By comparison, operating cost sensitivity moves NPV from approximately US$176 million to US$188 million. Capital cost sensitivity moves NPV from approximately US$177 million to US$186 million, while discount-rate sensitivity produces a similar range.

The general Price Factor and Gold Price Factor produce the same valuation movement, confirming that Bralorne behaves economically as a gold project.

Operating cost is important, but it is not the dominant value driver. Capital cost sensitivity is relatively limited, reflecting the strength of the project’s modelled margins and the short, front-loaded mine life.

Heatmap analysis

The price and operating cost heatmap, modelling 20% increases and decreases in gold price and operating cost, provides one of the strongest insights from the Bralorne case study.

Under the base case model, Project NPV is approximately US$182 million at 100% gold price and 100% operating cost.

In the downside scenario of 20% lower gold price and 20% higher operating cost, Project NPV remains positive at approximately US$109 million.

In the upside scenario of 20% higher gold price and 20% lower operating cost, Project NPV increases to approximately US$254 million.

The heatmap demonstrates that the project remains positive across all tested scenarios. It also shows that gold price has substantially greater influence on valuation than operating costs.

One notable insight is that a 10% increase in gold price more than offsets a 20% increase in operating cost. At 110% gold price and 120% operating cost, Project NPV is approximately US$200 million, still above the base case.

Economic resilience

One of the most important findings from the case study is the project’s modelled resilience.

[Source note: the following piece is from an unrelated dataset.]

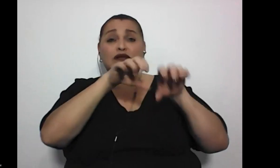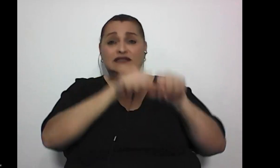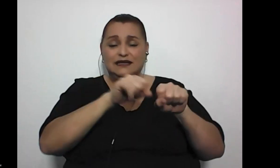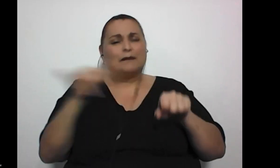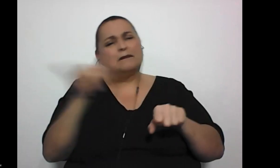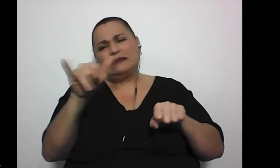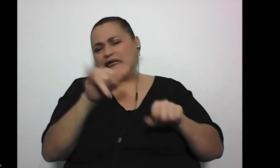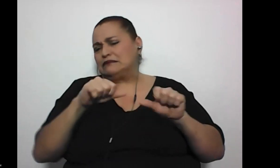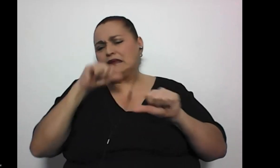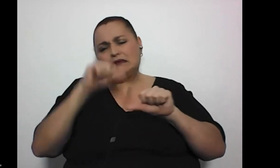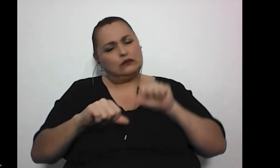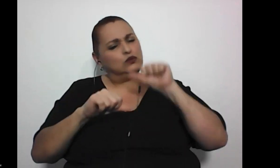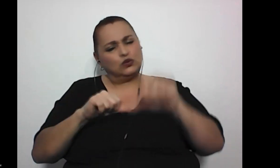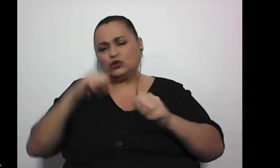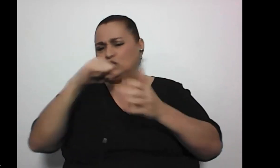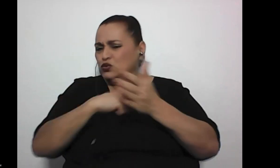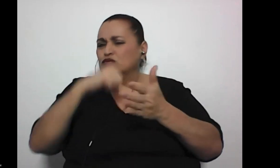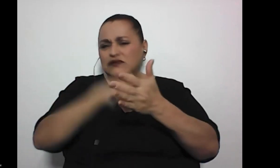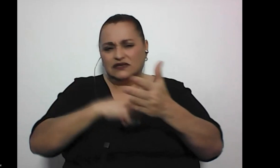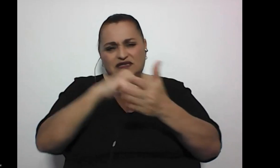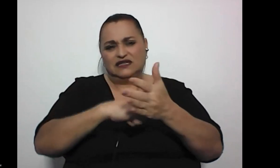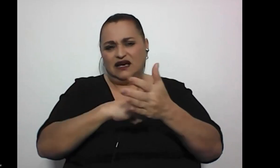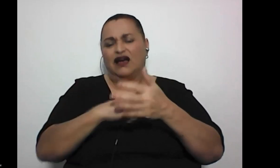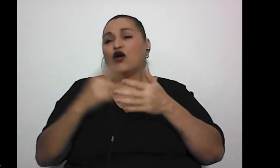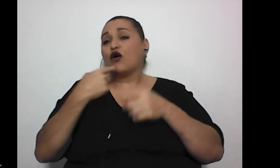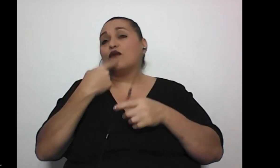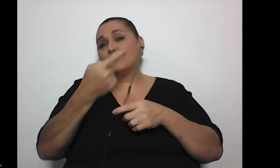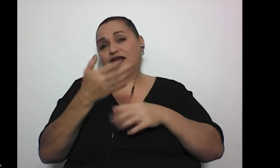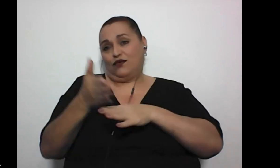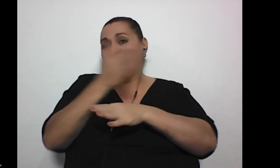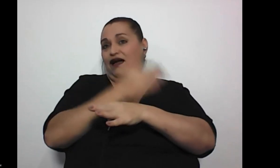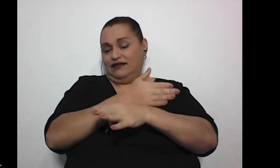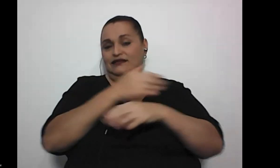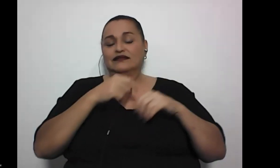de como lo mencionaban antes

Even under scenarios combining lower gold prices and higher operating costs, the model continues to generate positive value.

This suggests that the project’s illustrative economics are supported by the combination of high grade, strong net smelter return per tonne, strong operating margins and a short payback profile.

The Bralorne Gold Project is owned by Talisker Resources Ltd. Stormlands modelled the project using public technical disclosure and independent analysis.